Route-and-Aggregate Decentralized Federated Learning Under Communication Errors
Weicai Li, Tiejun Lv, Wei Ni, Jingbo Zhao, Ekram Hossain, H. Vincent Poor
TL;DR
This work addresses the inefficiency of gossip-based decentralized federated learning under unreliable communications by introducing Route-and-Aggregate D-FL (R&A D-FL), which routes model updates along established paths and adaptively normalizes aggregation to account for partial deliveries. Theoretical analysis yields a one-round convergence upper bound that degrades with end-to-end packet error rates, and shows the optimum routing corresponds to minimizing E2E-PERs, enabling a standard shortest-path formulation. Empirical results across image classification and language tasks demonstrate that R&A D-FL substantially improves training accuracy over flooding-based D-FL (by ~35% in a 10-client network) and asymptotically matches C-FL as routing nodes increase. The approach highlights a strong synergy between D-FL and networking and suggests practical routing strategies to bolster distributed learning in imperfect networks.
Abstract
Decentralized federated learning (D-FL) allows clients to aggregate learning models locally, offering flexibility and scalability. Existing D-FL methods use gossip protocols, which are inefficient when not all nodes in the network are D-FL clients.
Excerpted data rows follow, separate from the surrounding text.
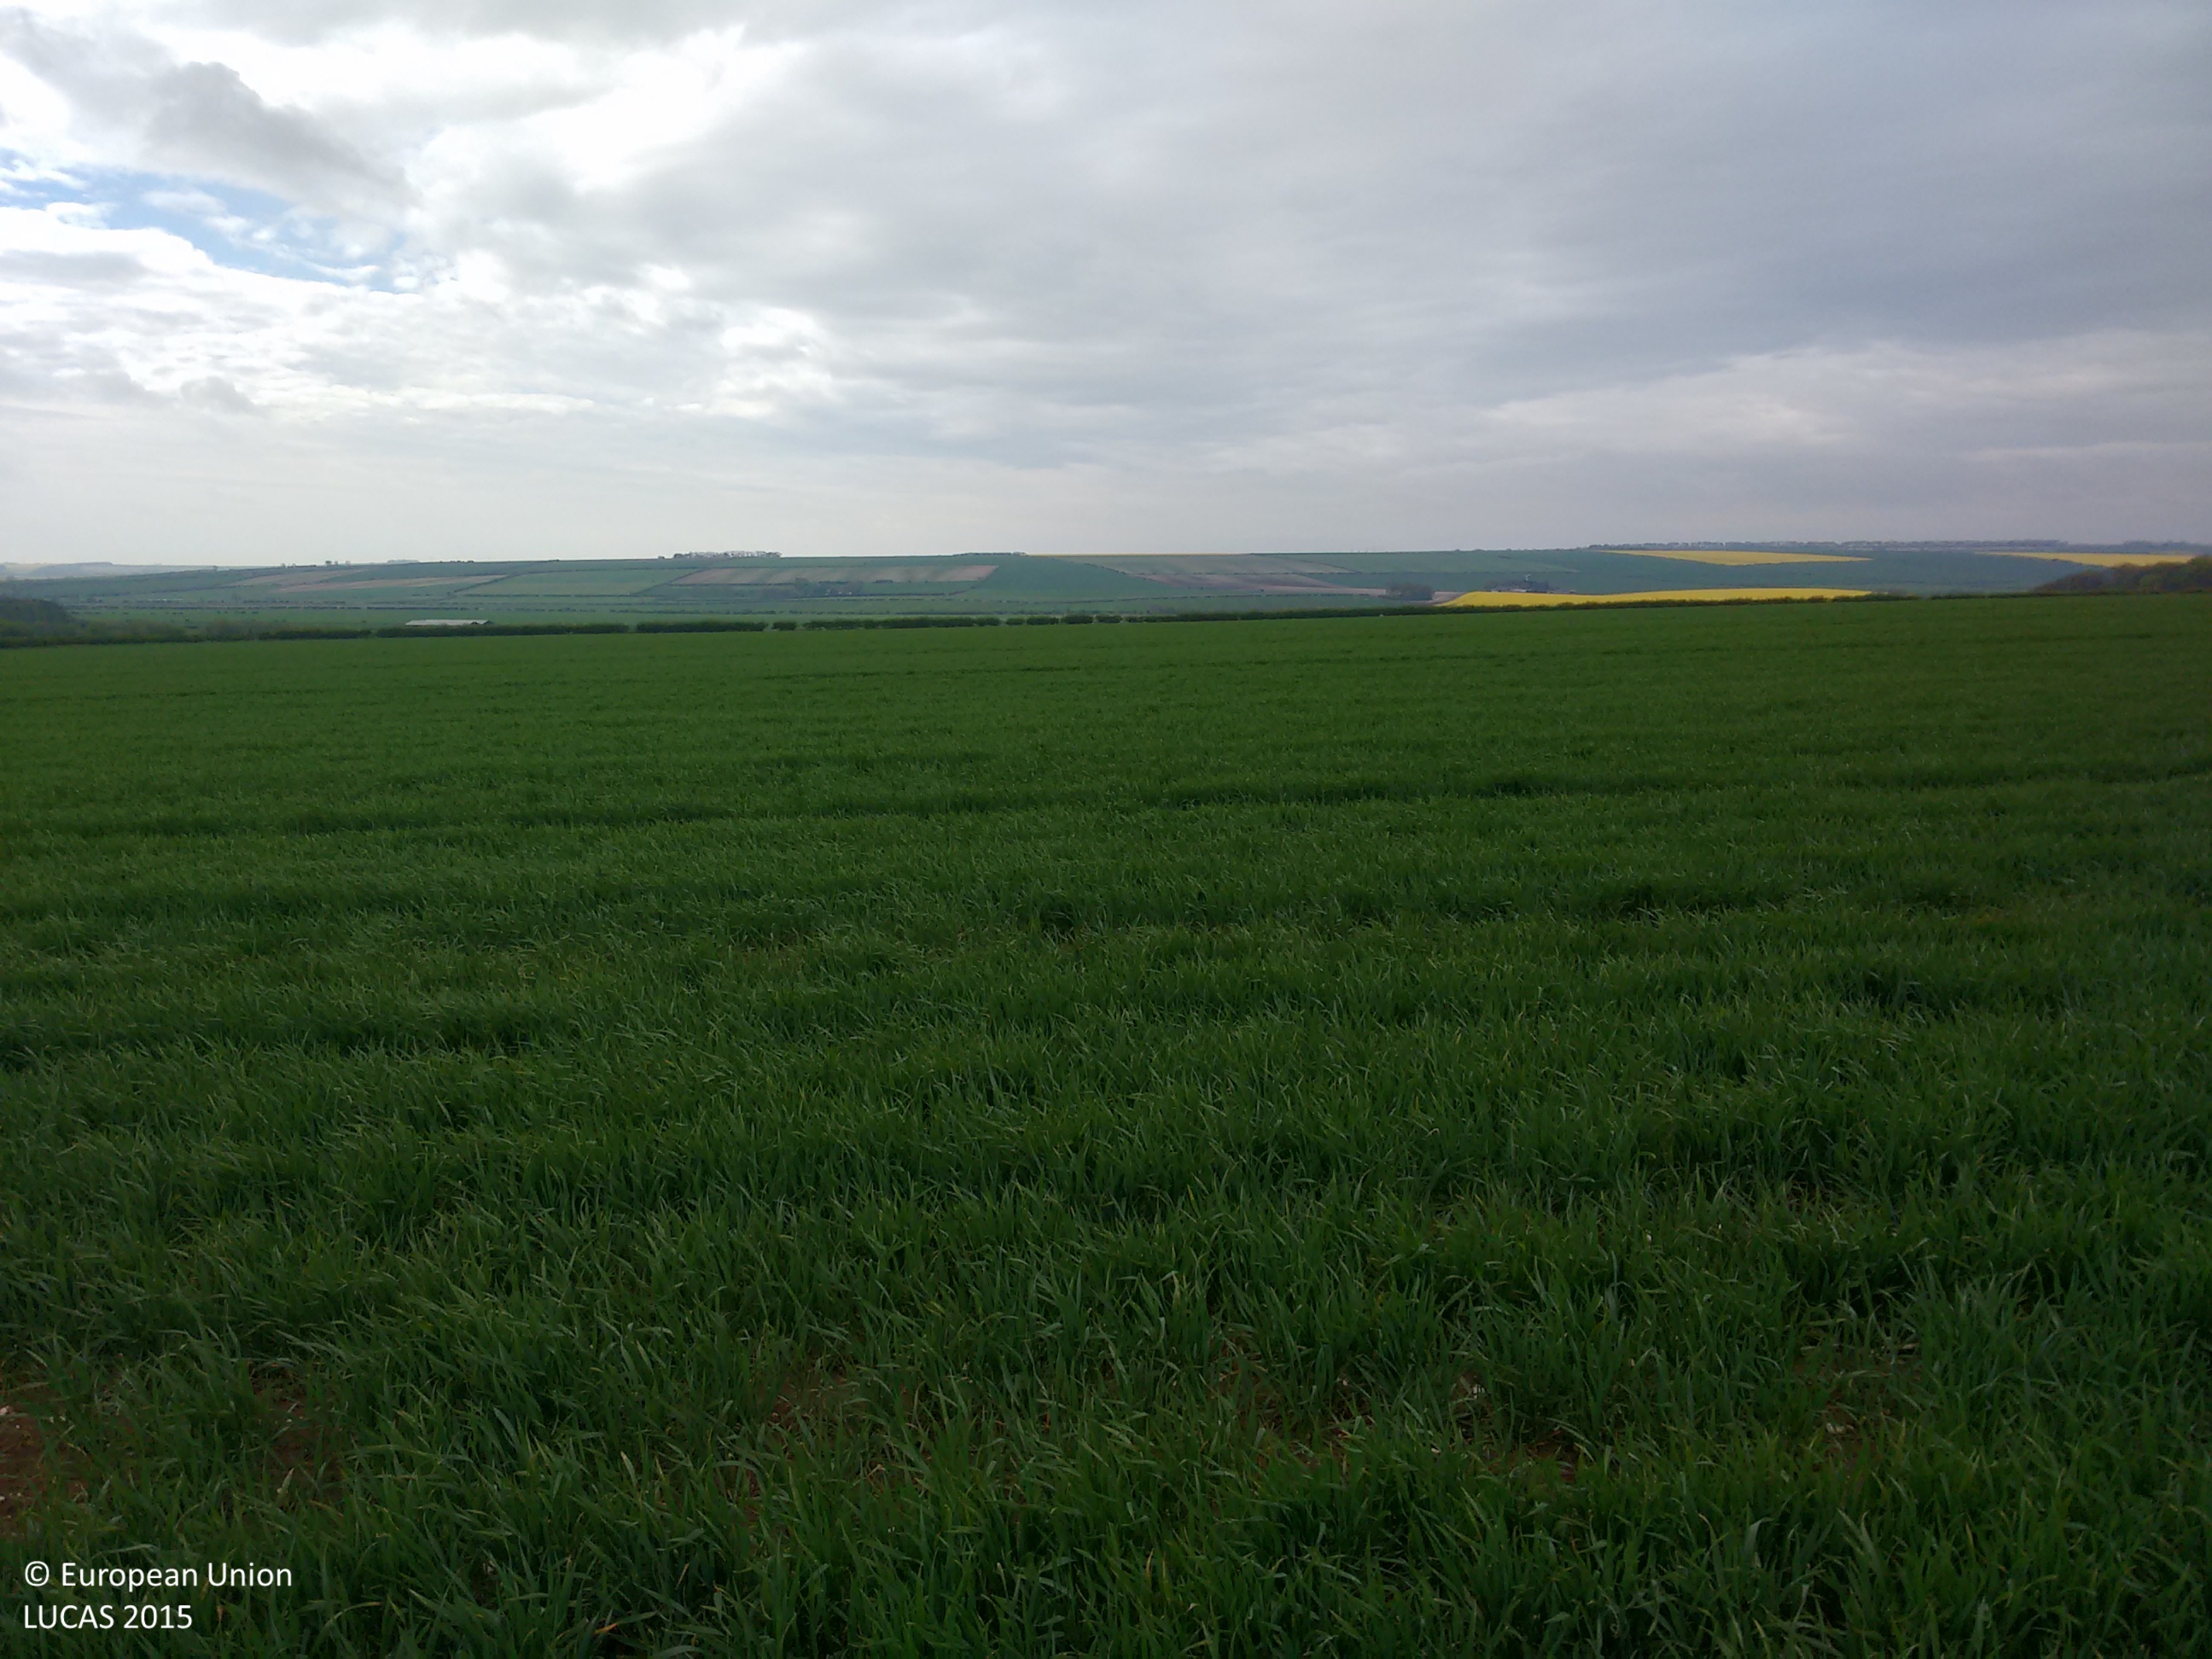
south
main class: Cropland
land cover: Common wheat
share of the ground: > 75 %
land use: Agriculture (excluding fallow land and kitchen gardens)
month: May
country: GB
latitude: 54.1523
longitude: -0.3701
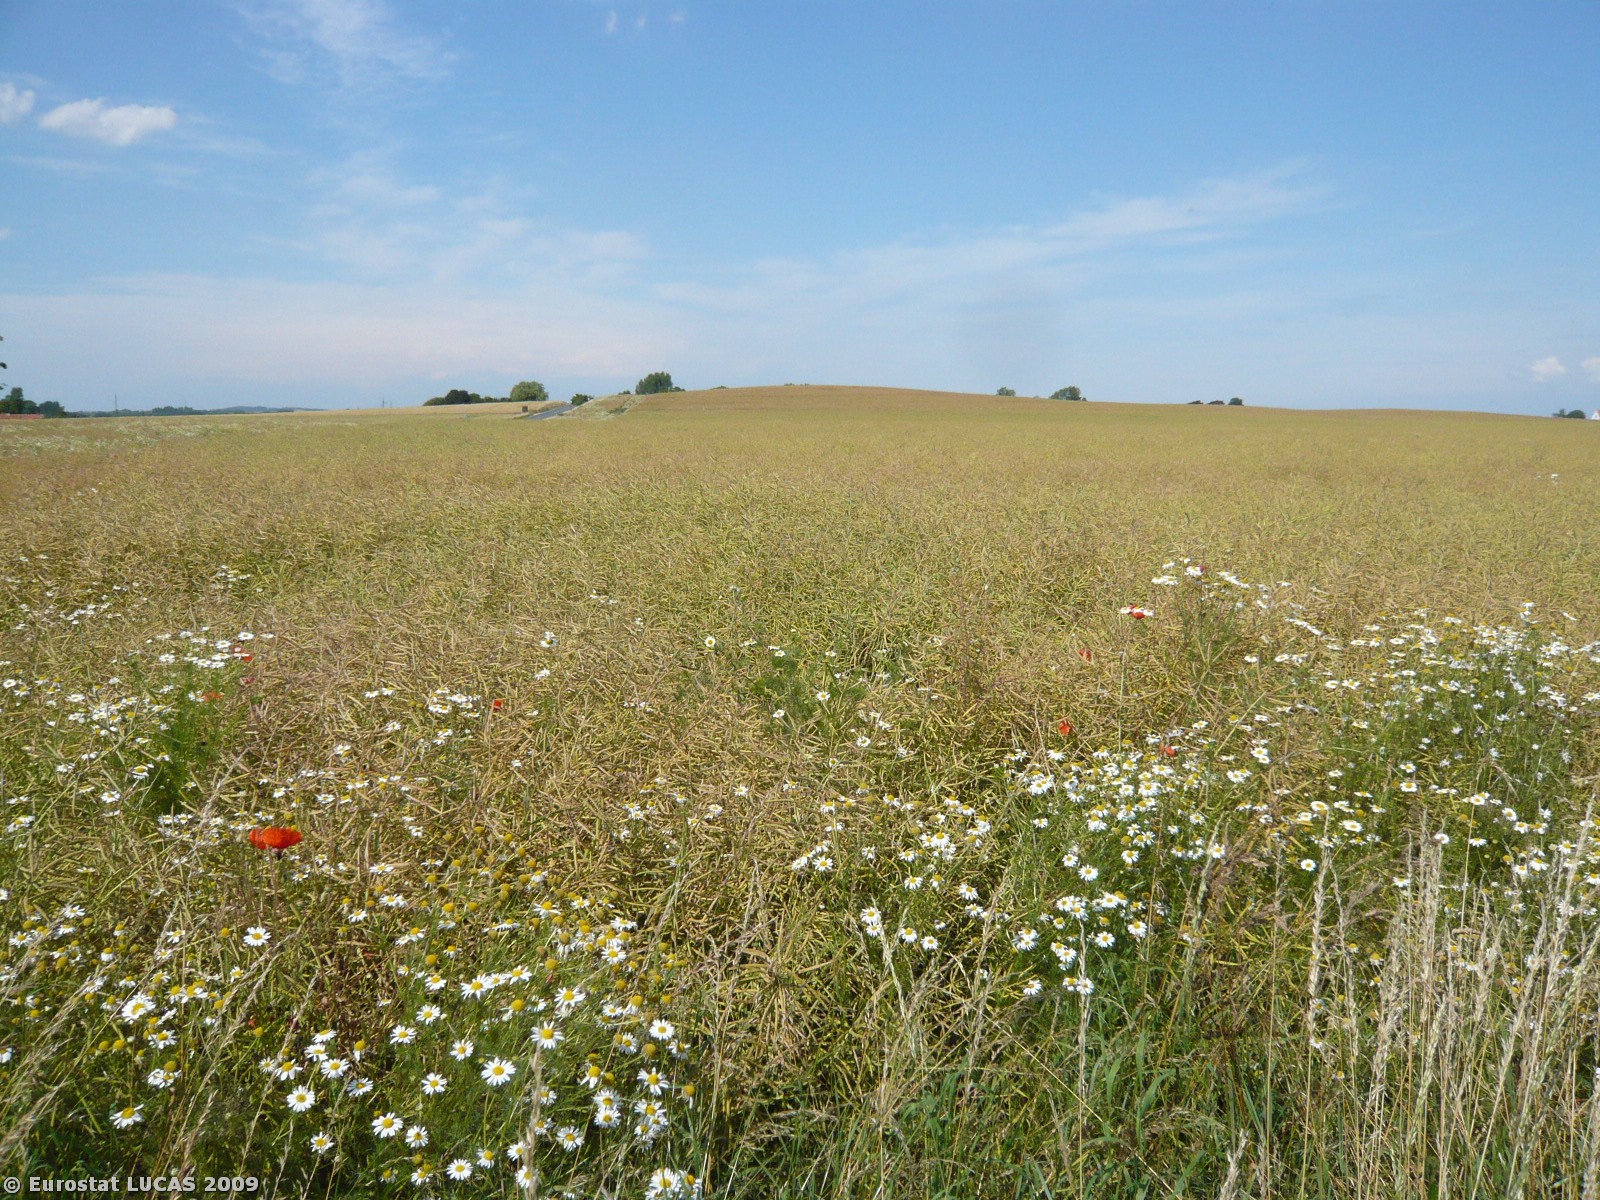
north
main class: Cropland
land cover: Rape and turnip rape
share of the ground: > 75 %
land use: Agriculture (excluding fallow land and kitchen gardens)
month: July
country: DK
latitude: 55.6938
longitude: 11.4781
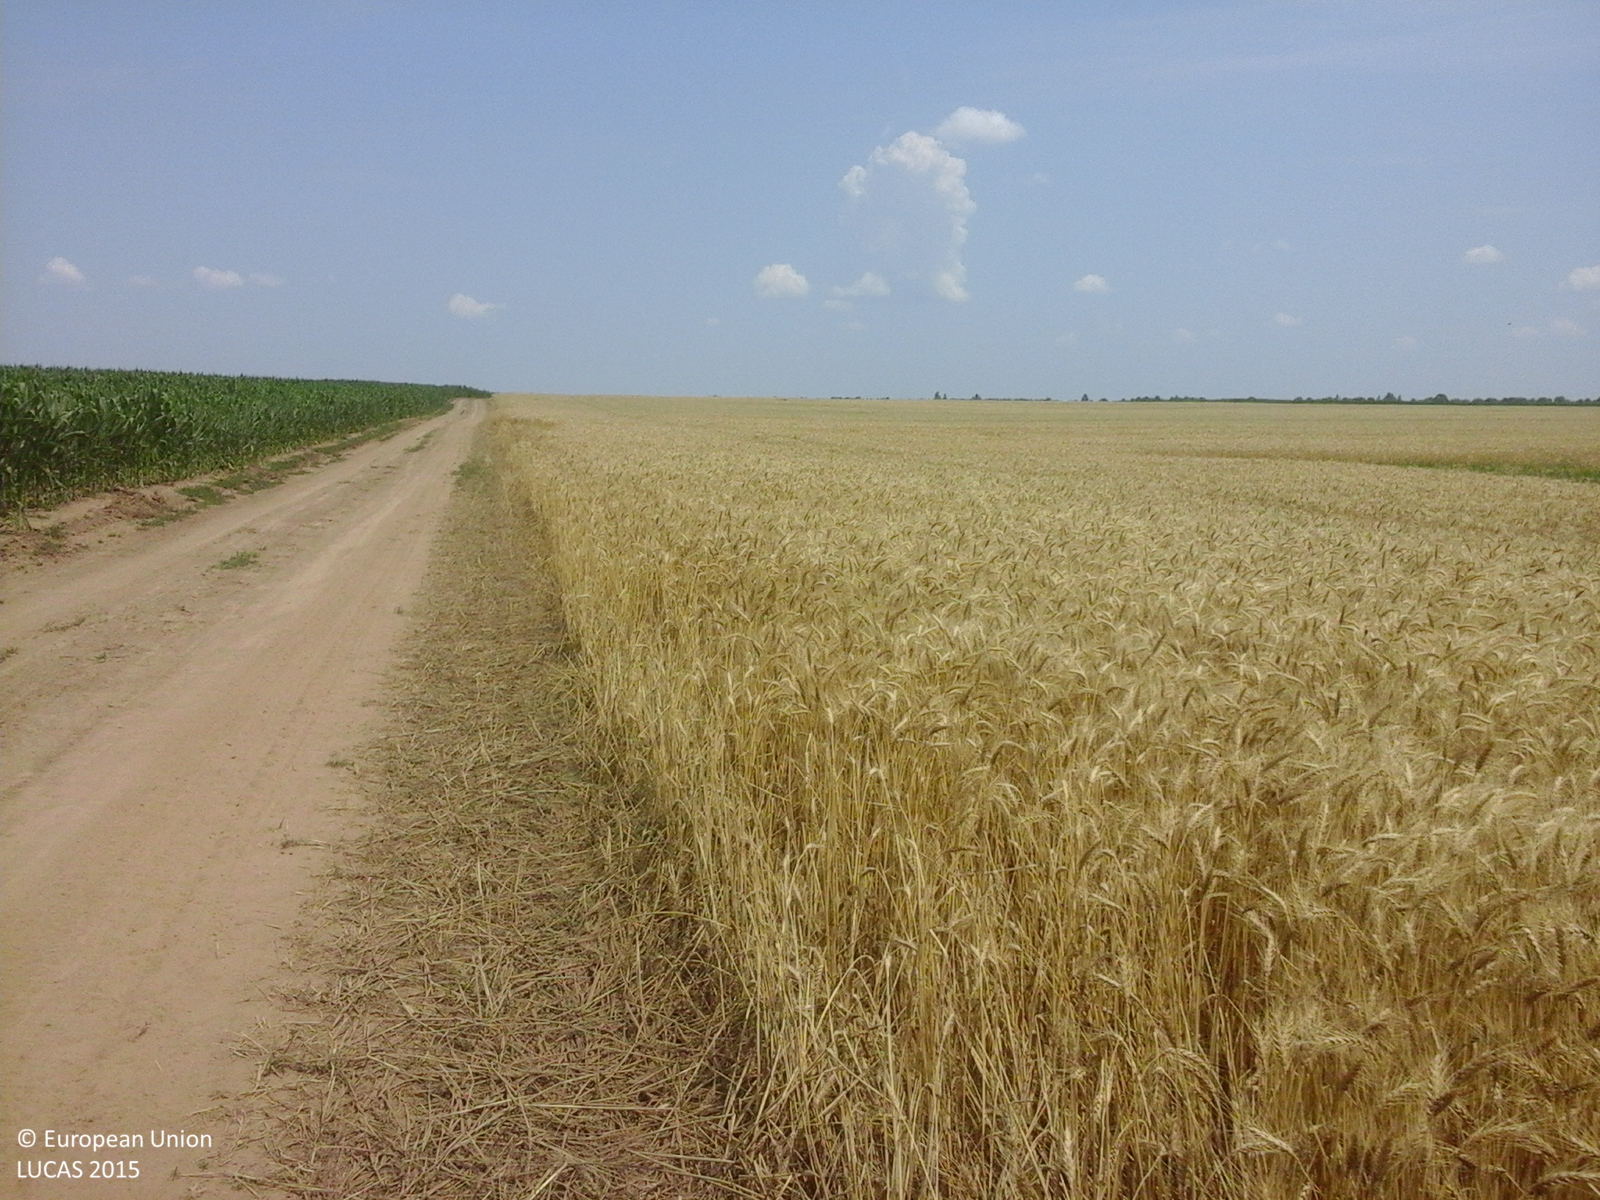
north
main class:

This paper puts forth a new D-FL strategy, termed Route-and-Aggregate (R&A) D-FL, where participating clients exchange models with their peers through established routes (as opposed to flooding) and adaptively normalize their aggregation coefficients to compensate for communication errors. The impact of routing and imperfect links on the convergence of R&A D-FL is analyzed, revealing that convergence is minimized when routes with the minimum end-to-end packet error rates are employed to deliver models. Our analysis is experimentally validated through three image classification tasks and two next-word prediction tasks, utilizing widely recognized datasets and models. R&A D-FL outperforms the flooding-based D-FL method in terms of training accuracy by 35% in our tested 10-client network, and shows strong synergy between D-FL and networking. In another test with 10 D-FL clients, the training accuracy of R&A D-FL with communication errors approaches that of the ideal C-FL without communication errors, as the number of routing nodes (i.e., nodes that do not participate in the training of D-FL) rises to 28.